-- Available data --
=-=-=-=-=
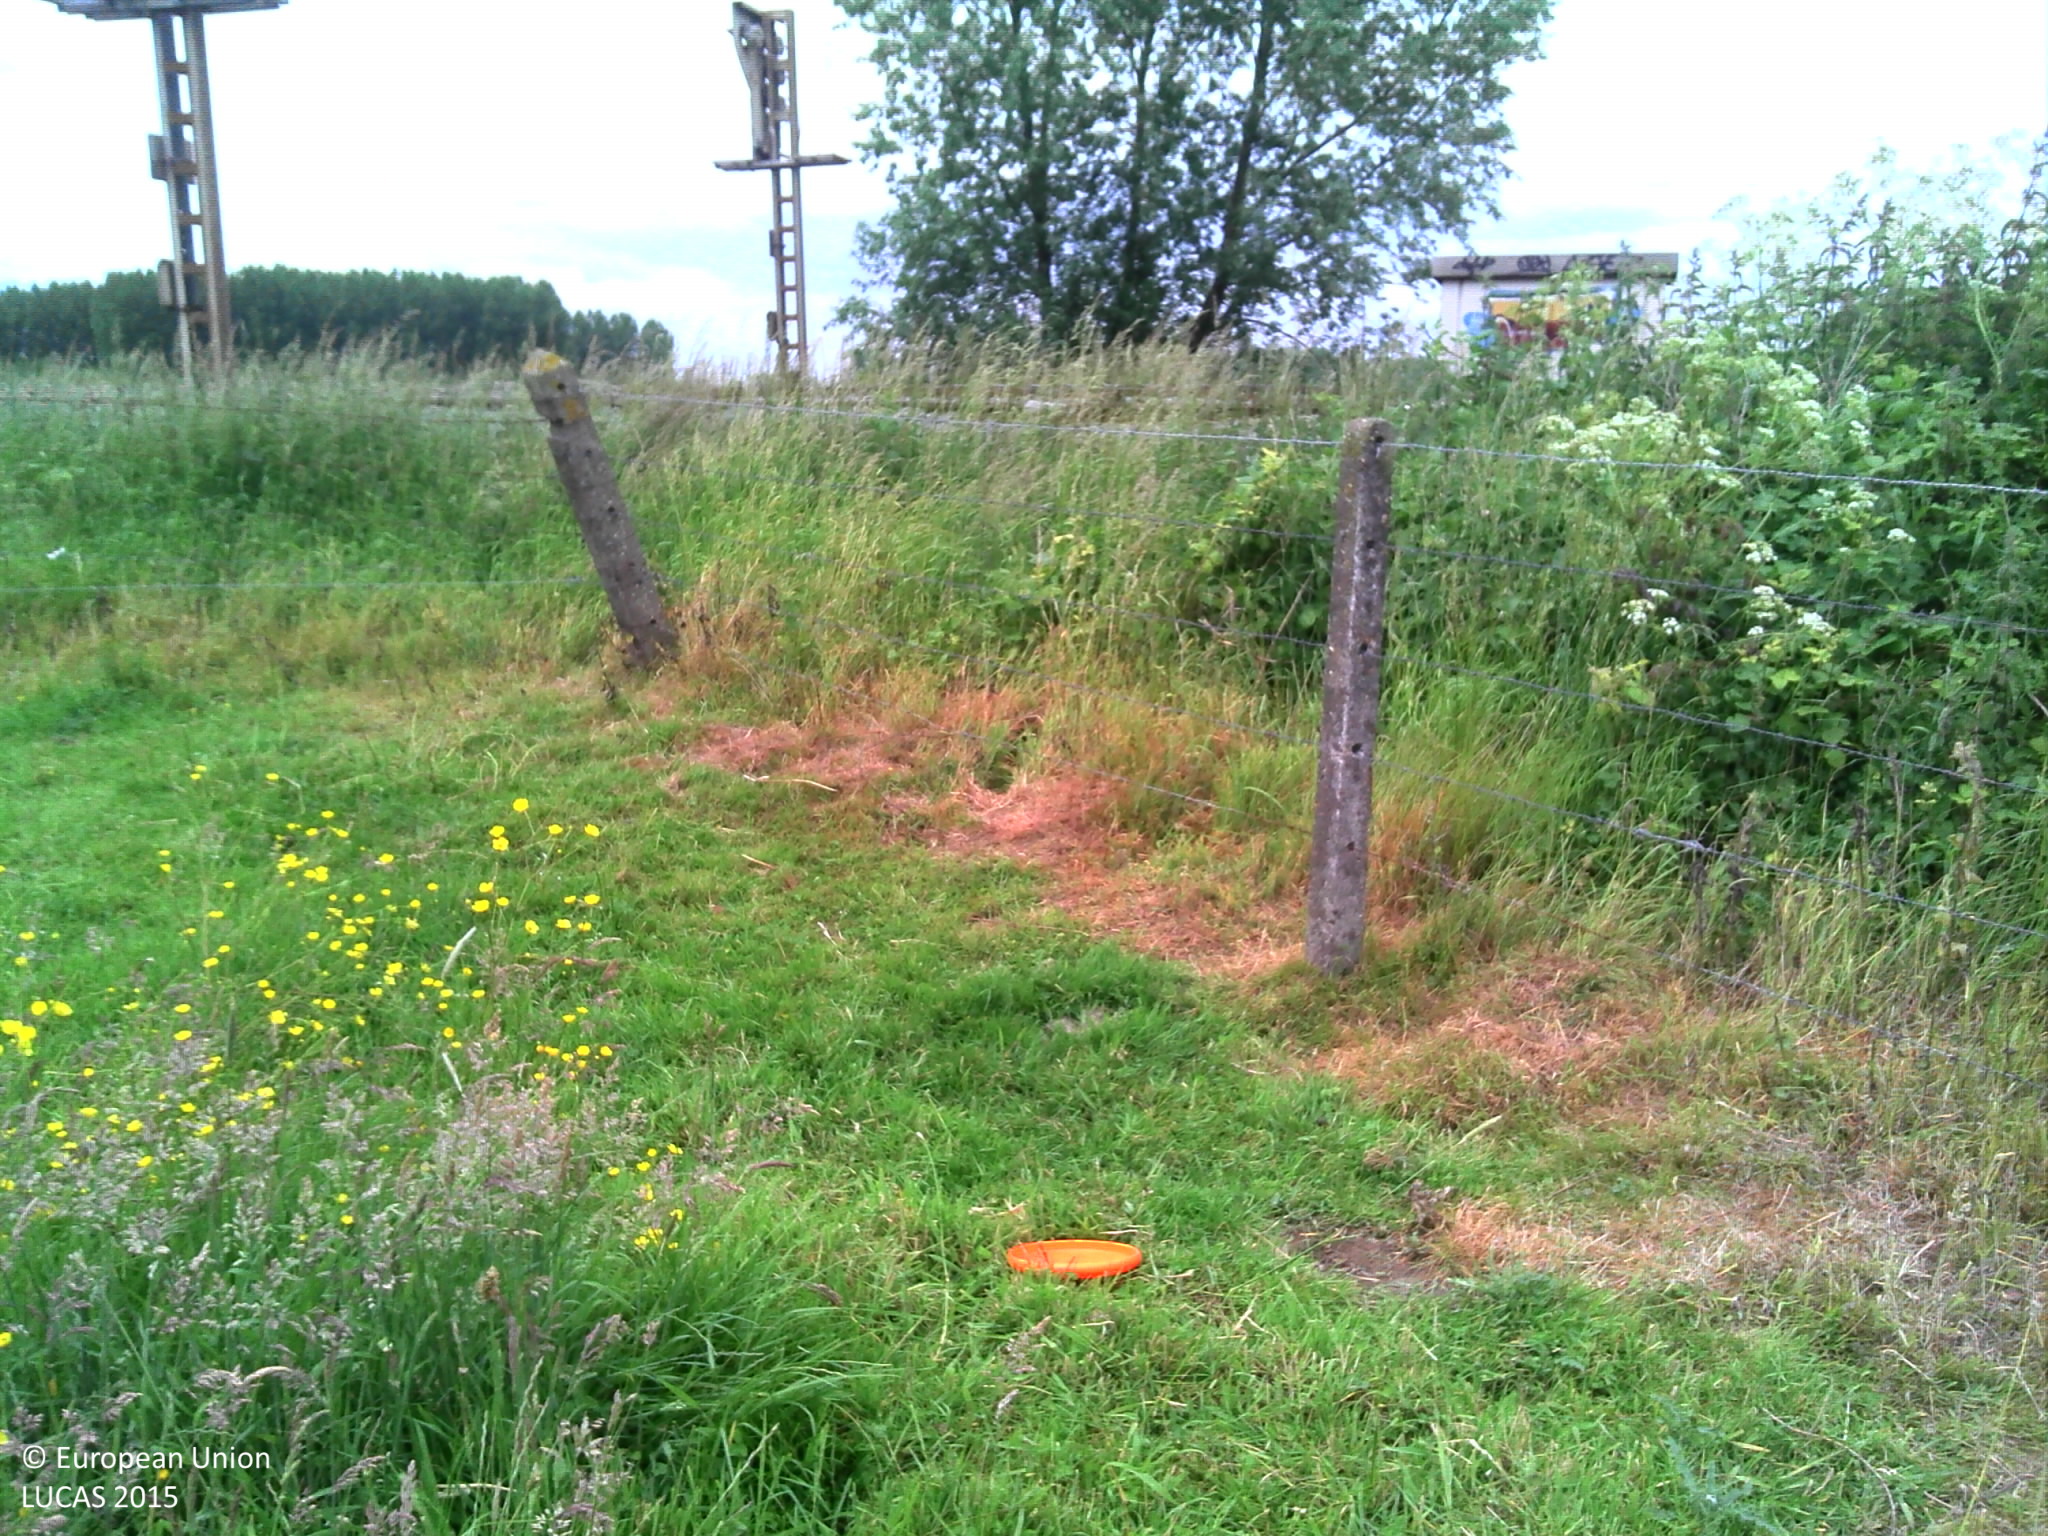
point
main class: Grassland
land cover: Grassland without tree/shrub cover
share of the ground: > 75 %
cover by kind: herbaceous plants 100 %
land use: Agriculture (excluding fallow land and kitchen gardens)
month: June
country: BE
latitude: 50.9101
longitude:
=-=-=-=-=
-- Task goal --
Without the pictures, return all the entries above exactly as they stand.

-- Task response --
point
main class: Grassland
land cover: Grassland without tree/shrub cover
share of the ground: > 75 %
cover by kind: herbaceous plants 100 %
land use: Agriculture (excluding fallow land and kitchen gardens)
month: June
country: BE
latitude: 50.9101
longitude:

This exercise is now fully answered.